- Date: 9–14 May
- Edition: 5th
- Surface: Clay
- Location: Shymkent, Kazakhstan

Champions

Singles
- Emilio Nava

Doubles
- Antoine Bellier / Gabriel Décamps
| Shymkent Challenger |

= 2022 Shymkent Challenger =

The 2022 Shymkent Challenger was a professional tennis tournament played on clay courts. It was the fifth edition of the tournament which was part of the 2022 ATP Challenger Tour. It took place in Shymkent, Kazakhstan between 9 and 14 May 2022.

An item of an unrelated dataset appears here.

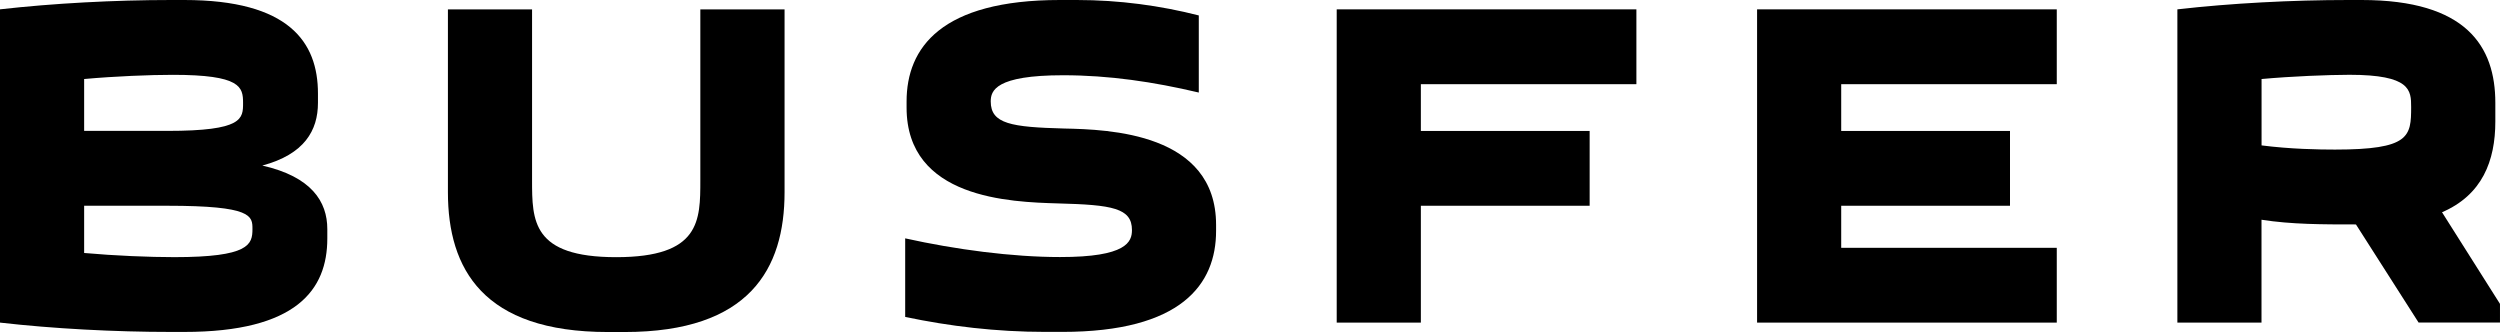 <?xml version="1.0" encoding="UTF-8"?> <svg xmlns="http://www.w3.org/2000/svg" width="120" height="16" viewBox="0 0 120 16" fill="none"><path d="M8.213 0H8.843C13.87 0 15.262 2.019 15.262 4.489V4.938C15.262 6.261 14.611 7.405 12.591 7.946C14.948 8.483 15.711 9.672 15.711 10.998V11.446C15.711 13.914 14.229 15.933 8.843 15.933H8.213C5.498 15.933 2.559 15.777 0 15.485V0.448C2.557 0.159 5.498 0 8.213 0ZM4.039 3.793V6.283H8.033C11.667 6.283 11.667 5.701 11.667 4.938C11.667 4.175 11.556 3.592 8.3 3.592C7.203 3.592 5.52 3.659 4.039 3.793ZM4.039 9.876V12.143C5.52 12.276 7.18 12.343 8.37 12.343C11.96 12.343 12.118 11.736 12.118 10.998C12.118 10.369 12.118 9.876 8.035 9.876H4.039Z" fill="black"></path><path d="M37.659 0.452V9.227C37.659 12.906 35.977 15.937 29.983 15.937H29.176C23.185 15.937 21.5 12.906 21.5 9.227V0.452H25.539V8.643C25.539 10.595 25.539 12.344 29.577 12.344C33.616 12.344 33.616 10.595 33.616 8.643V0.452H37.659Z" fill="black"></path><path d="M54.334 11.043C54.334 9.987 53.392 9.831 50.788 9.764C48.499 9.697 43.516 9.539 43.516 5.163V4.871C43.516 2.289 45.176 7.24792e-05 50.877 7.24792e-05H51.685C53.727 7.24792e-05 55.701 0.27 57.542 0.741V4.442C55.364 3.927 53.233 3.612 51.033 3.612C47.78 3.612 47.555 4.353 47.555 4.869C47.555 5.946 48.543 6.102 51.078 6.169C53.211 6.214 58.372 6.37 58.372 10.792V11.085C58.372 13.644 56.712 15.931 50.989 15.931H50.181C47.825 15.931 45.58 15.661 43.449 15.212V11.441C45.872 11.979 48.588 12.338 50.877 12.338C54.086 12.343 54.334 11.603 54.334 11.043Z" fill="black"></path><path d="M78.547 4.041H68.201V6.286H76.303V9.876H68.201V15.485H64.162V0.449H78.547V4.041Z" fill="black"></path><path d="M98.725 4.041H88.378V6.286H96.48V9.876H88.378V11.895H98.725V15.485H84.34V0.449H98.725V4.041Z" fill="black"></path><path d="M116.094 15.485L113.086 10.773C111.493 10.773 109.989 10.773 108.552 10.547V15.485H104.514V0.449C107.073 0.156 110.012 7.24792e-05 112.727 7.24792e-05H113.356C118.384 7.24792e-05 119.776 2.222 119.776 4.938V5.835C119.776 7.72 119.147 9.358 117.217 10.188L119.999 14.586V15.482H116.094V15.485ZM108.555 3.793V6.979C109.947 7.158 111.315 7.18 112.078 7.18C115.668 7.18 115.735 6.551 115.735 5.139C115.735 4.331 115.713 3.59 112.772 3.59C111.741 3.593 110.034 3.659 108.555 3.793Z" fill="black"></path></svg>

==Singles main-draw entrants==

===Seeds===

| Country | Player | Rank^{1} | Seed |
|---|---|---|---|
| USA | Tennys Sandgren | 179 | 1 |
| TUR | Altuğ Çelikbilek | 184 | 2 |
|  | Alexander Shevchenko | 248 | 3 |
| UKR | Illya Marchenko | 251 | 4 |
| ESP | Nicolás Álvarez Varona | 278 | 5 |
| JPN | Kaichi Uchida | 282 | 6 |
|  | Evgeny Karlovskiy | 286 | 7 |
| ROU | Filip Jianu | 298 | 8 |

- ^{1} Rankings are as of 2 May 2022.

===Other entrants===
The following players received wildcards into the singles main draw:
- KAZ Grigoriy Lomakin
- GEO Aleksandre Metreveli
- KAZ Beibit Zhukayev

The following players received entry into the singles main draw using protected rankings:
- BEL Joris De Loore
- ITA Matteo Donati

The following players received entry into the singles main draw as alternates:
- BRA Gabriel Décamps
- USA Emilio Nava
- Evgenii Tiurnev

The following players received entry from the qualifying draw:
- Yan Bondarevskiy
- GER Sebastian Fanselow
- BUL Alexandar Lazarov
- IND Mukund Sasikumar
- UKR Eric Vanshelboim
- USA Evan Zhu

==Champions==

===Singles===

- USA Emilio Nava def. GER Sebastian Fanselow 6–4, 7–6^{(7–3)}.

===Doubles===

- SUI Antoine Bellier / BRA Gabriel Décamps def. GER Sebastian Fanselow / JPN Kaichi Uchida 7–6^{(7–3)}, 6–3.